### EXERCISE
Bring together copies of the lines in the data below that contain the word "order".

### PROVIDED DATA
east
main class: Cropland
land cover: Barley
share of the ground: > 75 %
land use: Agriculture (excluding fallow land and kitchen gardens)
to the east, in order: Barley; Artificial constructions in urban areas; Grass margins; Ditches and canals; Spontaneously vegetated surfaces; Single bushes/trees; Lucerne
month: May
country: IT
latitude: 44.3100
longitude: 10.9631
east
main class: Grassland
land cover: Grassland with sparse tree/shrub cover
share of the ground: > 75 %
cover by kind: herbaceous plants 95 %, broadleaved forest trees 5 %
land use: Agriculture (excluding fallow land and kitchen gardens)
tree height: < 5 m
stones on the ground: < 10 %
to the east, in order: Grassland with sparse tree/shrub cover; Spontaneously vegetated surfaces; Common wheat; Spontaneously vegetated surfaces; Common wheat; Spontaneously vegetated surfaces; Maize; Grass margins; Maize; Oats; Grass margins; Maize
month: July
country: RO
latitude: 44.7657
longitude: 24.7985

...

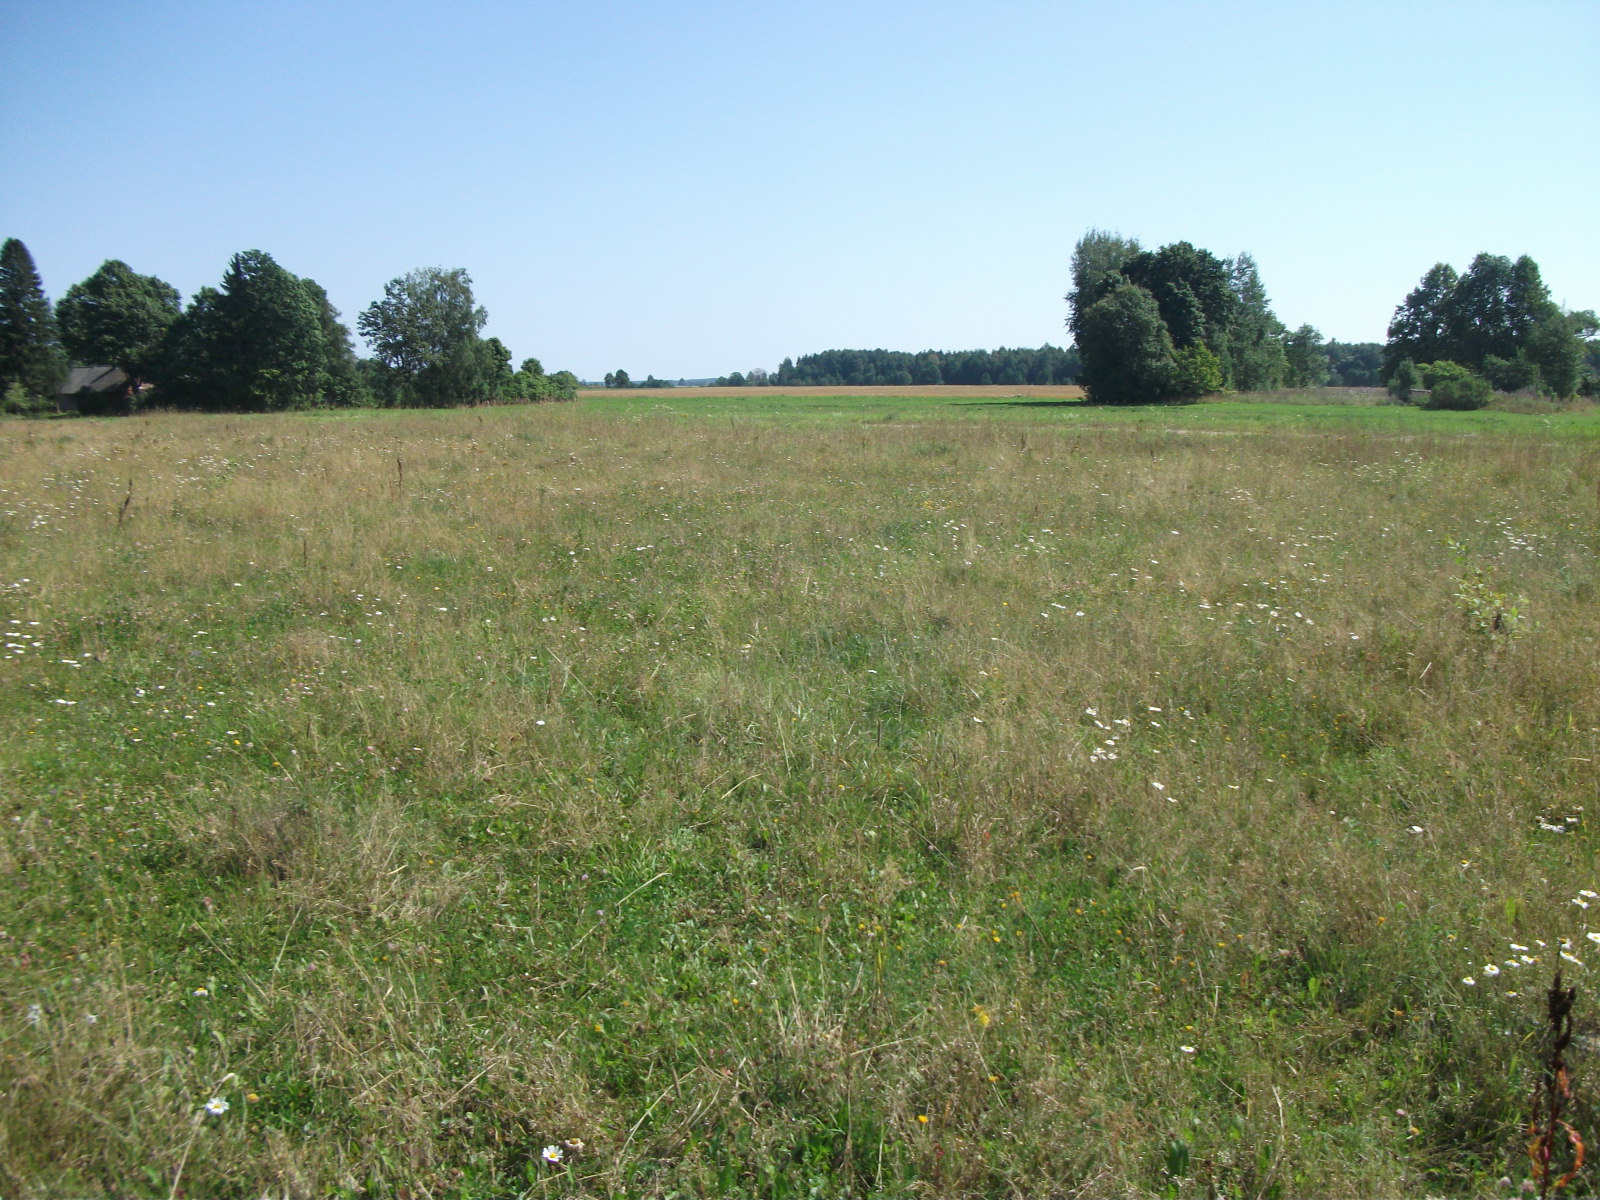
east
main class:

--

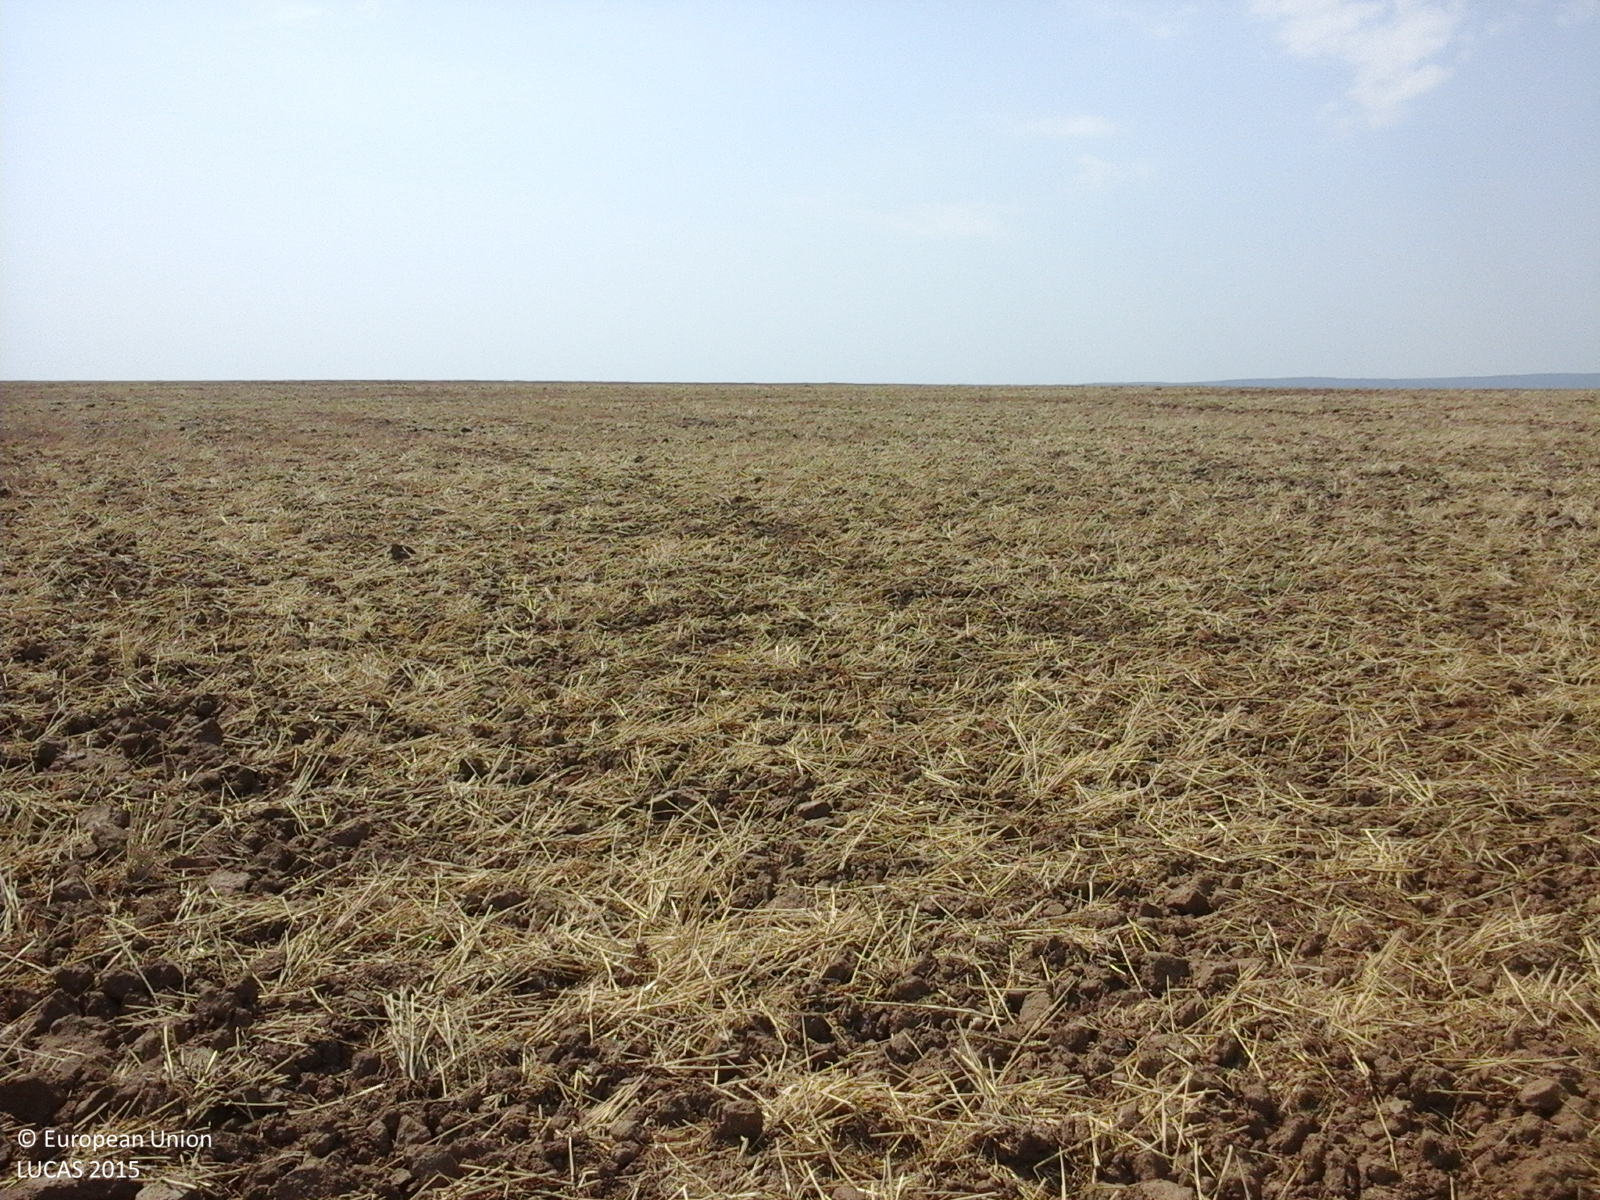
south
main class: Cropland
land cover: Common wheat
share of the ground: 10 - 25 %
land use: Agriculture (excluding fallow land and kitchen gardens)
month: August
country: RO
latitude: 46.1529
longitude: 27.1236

### ANSWER
to the east, in order: Barley; Artificial constructions in urban areas; Grass margins; Ditches and canals; Spontaneously vegetated surfaces; Single bushes/trees; Lucerne
to the east, in order: Grassland with sparse tree/shrub cover; Spontaneously vegetated surfaces; Common wheat; Spontaneously vegetated surfaces; Common wheat; Spontaneously vegetated surfaces; Maize; Grass margins; Maize; Oats; Grass margins; Maize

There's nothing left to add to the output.